The event began with a presentation by Policy Lab co-chairs Laura Rosella, associate director, education & training, DSI, faculty member and associate professor, DLSPH, and associate professor, Laboratory Medicine & Pathobiology, Faculty of Medicine, and Michael Hillmer, assistant deputy minister, digital & analytics strategy, Ontario Ministry of Health/Ministry of Long-Term Care, and associate professor, IHPME, who spoke about the Policy Lab and the work it’s doing to understand barriers preventing data science capacity in public sector organizations.

“We’re seeing all of this work with data sciences and AI in the private sector and in key areas in research. We want to have an impact on society, so we’re trying to increase the use of data science in the policy space and we’re going to focus on health policy as a start, but a lot of the learnings are going to extend beyond health,” says Rosella. “The idea was to bring in researchers-in-residence — people that work in public sector health organizations — to spend time at the university and help us define what it means to meaningfully collaborate in advanced data science and use it for policy decision making.” 

 

Data Sciences Institute and Dalla Lana School of Public Health, University of Toronto, Policy Lab – “Data Science Tools and Adoption for Health and Beyond” (photo: Harry Choi Photography)

During the workshop, three researchers-in-residence presented key findings from several recent case studies; some of which included analyzing the use of AI to maintain and update a large public health registry, determining machine learning’s accuracy in identifying non-melanoma skin cancers, and measuring the effectiveness of AI to categorize exposures when investigating cases of food born illnesses. 

“These were examples of successful applications of AI or machine learning in the public health sector space. We saw that in all three there were commonalities,” says researcher-in-residence Steven Habbous, lead methodologist, strategic analytics, Ontario Health. “AI enabled the completion of work that was inefficient for us to do. It does improve the speed and ability to implement effective interventions, and ultimately makes better use of the data we have. It wasn’t about acquiring new data, the data was already there, but leveraging it for our needs — that’s where it shines.”

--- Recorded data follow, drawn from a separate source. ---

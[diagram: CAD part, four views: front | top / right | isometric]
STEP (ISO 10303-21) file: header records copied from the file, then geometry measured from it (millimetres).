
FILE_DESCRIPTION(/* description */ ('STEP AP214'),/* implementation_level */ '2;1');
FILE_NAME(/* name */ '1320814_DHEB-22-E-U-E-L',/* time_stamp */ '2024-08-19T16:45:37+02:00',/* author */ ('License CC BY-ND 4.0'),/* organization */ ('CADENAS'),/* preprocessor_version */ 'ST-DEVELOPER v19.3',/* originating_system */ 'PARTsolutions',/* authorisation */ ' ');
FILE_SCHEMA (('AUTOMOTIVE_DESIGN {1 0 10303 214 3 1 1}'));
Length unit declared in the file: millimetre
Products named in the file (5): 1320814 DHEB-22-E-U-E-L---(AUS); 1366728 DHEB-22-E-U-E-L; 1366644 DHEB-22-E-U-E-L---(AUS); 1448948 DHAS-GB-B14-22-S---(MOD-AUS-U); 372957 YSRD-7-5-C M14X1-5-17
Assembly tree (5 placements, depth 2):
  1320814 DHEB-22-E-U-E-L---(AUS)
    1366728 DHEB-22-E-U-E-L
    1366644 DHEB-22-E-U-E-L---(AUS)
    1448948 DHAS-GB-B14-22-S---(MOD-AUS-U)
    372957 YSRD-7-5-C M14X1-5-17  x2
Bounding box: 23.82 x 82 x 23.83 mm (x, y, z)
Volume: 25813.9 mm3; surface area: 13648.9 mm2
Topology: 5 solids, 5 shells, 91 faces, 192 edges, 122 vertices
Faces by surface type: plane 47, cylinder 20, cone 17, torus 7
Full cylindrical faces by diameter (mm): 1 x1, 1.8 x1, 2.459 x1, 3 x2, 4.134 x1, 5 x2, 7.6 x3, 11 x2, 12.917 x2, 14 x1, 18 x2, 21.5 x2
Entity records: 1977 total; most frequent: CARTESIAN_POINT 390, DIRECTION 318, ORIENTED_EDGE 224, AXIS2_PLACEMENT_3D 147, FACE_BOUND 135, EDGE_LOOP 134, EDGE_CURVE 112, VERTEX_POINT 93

There were several collaborative activities throughout the day, where attendees engaged in rigorous discussions on topics such as how to build data science functionality in public sector organizations, and education and capacity building. The event also featured a presentation that detailed important items for organizations to consider as part of a data science toolkit, including the importance of securing dedicated funding and resources, recruitment and upskilling staff, and change management. A common theme throughout was the need for a strong buy-in from leadership and an organizational structure that supports the integration and use of AI and machine learning.   

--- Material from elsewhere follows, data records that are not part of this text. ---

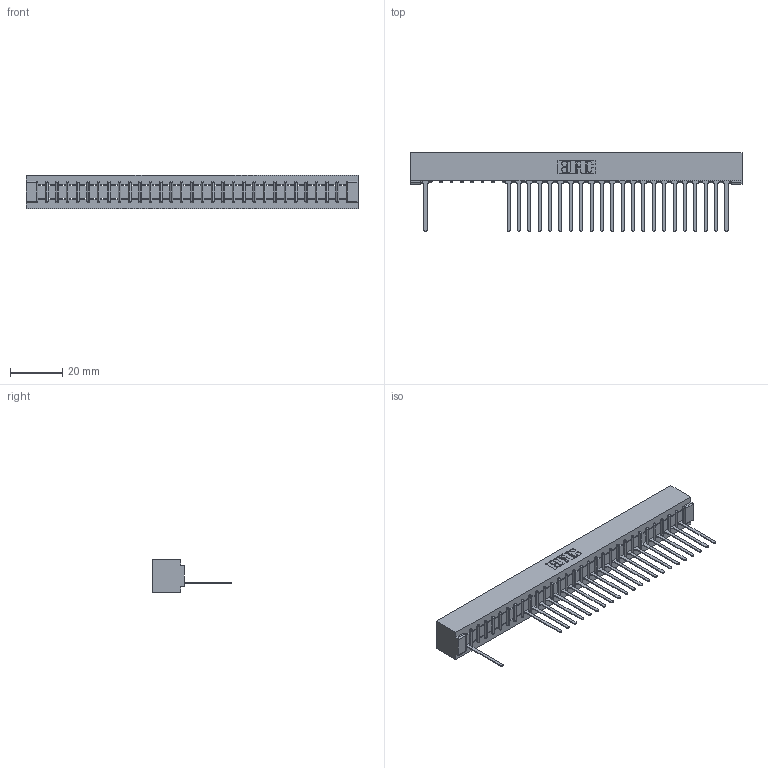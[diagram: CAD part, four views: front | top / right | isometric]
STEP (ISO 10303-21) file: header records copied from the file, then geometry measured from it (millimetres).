
FILE_DESCRIPTION (( 'STEP AP203' ), '1' );
FILE_NAME ('357-030-545-101.STEP', '2018-08-09T08:47:09', ( '' ), ( '' ), 'SwSTEP 2.0', 'SolidWorks 2016', '' );
FILE_SCHEMA (( 'CONFIG_CONTROL_DESIGN' ));
Length unit declared in the file: inch
Products named in the file (3): 307 Part_No Mounting Lugs; 307-290-001_545; 357-030-545-101
Assembly tree (24 placements, depth 2):
  357-030-545-101
    307 Part_No Mounting Lugs
    307-290-001_545  x23
Bounding box: 126.75 x 30 x 12.7 mm (x, y, z)
Volume: 13590.9 mm3; surface area: 14330.7 mm2
Topology: 24 solids, 24 shells, 1569 faces, 4473 edges, 2866 vertices
Faces by surface type: plane 1001, cylinder 506, sphere 62
Entity records: 26664 total; most frequent: CARTESIAN_POINT 4517, ORIENTED_EDGE 4510, DIRECTION 4391, EDGE_CURVE 2255, VECTOR 1727, LINE 1727, VERTEX_POINT 1458, AXIS2_PLACEMENT_3D 1332

“How do you create a culture of evidence and data? It starts with leadership, that’s incredibly important, and then you focus on people, process and tools,” said Hillmer. “That’s what this fellowship is all about. You can now go off and be the proselytizers of data science in organizations. It doesn’t have to be a grand initiative, it just needs to be you being creative. Whatever form it takes, just get started with that first step and build that culture.”